Antarctic ice shelves are at risk of collapsing into the ocean if the current rate of global warming continues, warned a recently published research paper. The study said that nearly one third (34%) of Antarctica’s ice shelves could collapse by the end of the 21st century if the world warms by 4 degree Celsius above the pre-industrial level. This will put at risk about 190,000 square miles of Antarctic ice.

However, good news is that if we can manage to keep the warming at 2-degree Celsius rise than the pre-industrial level, then half of the 34% ice shelves at risk could be saved. Further, containing the rise under 1.5 degree Celsius would result in an even smaller impacted region in the Antarctica. Till date, the world has already warmed by around 1 degree Celsius from the pre-industrial period.

Ice shelves are large floating platforms of ice that are in contact with ocean water and these shelves are formed where a glacier ends. Ice shelves act like a barrier between ocean water and the glaciers. Collapsing of the ice shelves into the ocean would not immediately result in sea water level rise. But their removal would accelerate the collapse of huge glaciers into the ocean, which could result in a catastrophic rise of sea water level.

Lead author of the study, Ella Gilbert, a scientist at the University of Reading in England, was quoted to have said, “Ice shelves are important buffers preventing glaciers on land from flowing freely into the ocean and contributing to sea-level rise. When they collapse, it's like a giant cork being removed from a bottle, allowing unimaginable amounts of water from glaciers to pour into the sea.”

The study considered the processes that drives melting of ice shelves and modelled them with more details. Under normal conditions, the ice shelves usually melt during summer. The water from this melting of ice trickles down through the cracks in the ice and later get frozen again. But, when the melting rate goes higher, then water pools on the surface of the shelves.

The melted ice accumulates over the surface of the ice shelves and fractures them and the shelves can ‘collapse spectacularly’. “The findings highlight the importance of limiting global temperature increases as set out in the Paris Agreement if we are to avoid the worst consequences of climate change, including sea level rise,” said Gilbert in a statement.

In past studies, scientists and researchers have modelled the future behaviour of the ice shelves at a larger scale—the whole of Antarctica. This missed finer and minute details of individual ice shelves, at least the way they are behaving in the warming world. The new study concentrates on modelling ice melting in different scenarios with more minute details and precisions that were not known previously.

The researchers identified that Larsen C, the largest remaining ice shelf in Antarctica, along with other three, would be particularly threatened by the warming climate. The other three ice shelves incorporated in the study are Wilkins, Pine Island and Shackleton. Larsen C already split in 2017 and formed the enormous iceberg, A68.

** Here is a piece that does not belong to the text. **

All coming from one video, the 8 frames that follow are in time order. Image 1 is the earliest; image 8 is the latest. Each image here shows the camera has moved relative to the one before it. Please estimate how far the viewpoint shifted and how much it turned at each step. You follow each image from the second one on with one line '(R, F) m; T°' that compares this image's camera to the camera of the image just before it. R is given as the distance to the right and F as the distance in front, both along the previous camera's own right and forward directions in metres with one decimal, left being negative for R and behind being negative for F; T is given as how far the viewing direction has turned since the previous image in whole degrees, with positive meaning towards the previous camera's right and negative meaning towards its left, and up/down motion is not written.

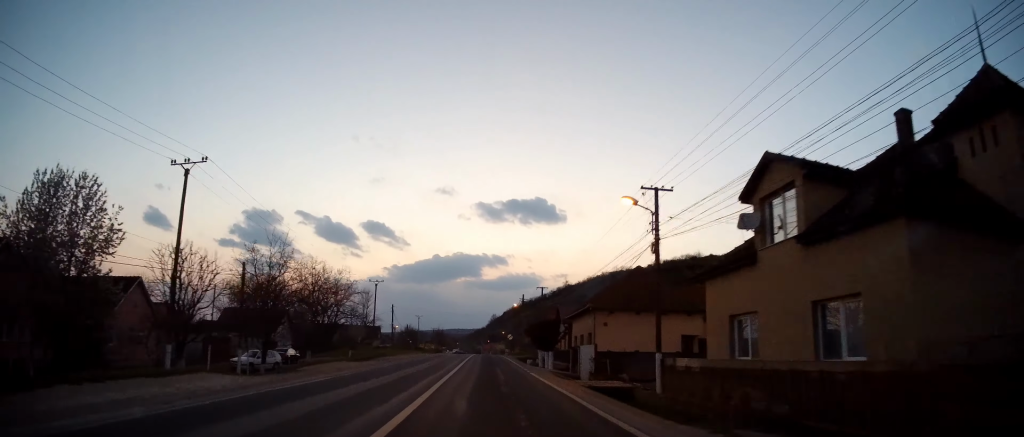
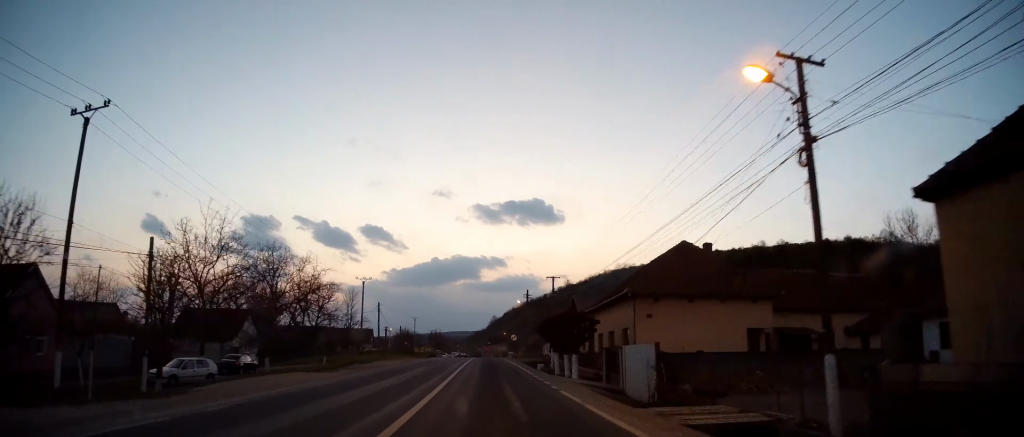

“I think that we're presently on track for something between 3 to 3.5 C (5.4 to 6.3 F). That's not to say that 4 C (7.2 F) is out of the question — if we're unlucky and unwise, we could certainly get there,” commented a scientist from University of Texas who studies the prospects of future warming and was not involved in the current study.

The indication of the study is that the world, where climate change is proceeding to a point where one third of Antarctic ice shelves would be put at risk of collapsing, would involve major failures of containing greenhouse gas emissions caused by human activities.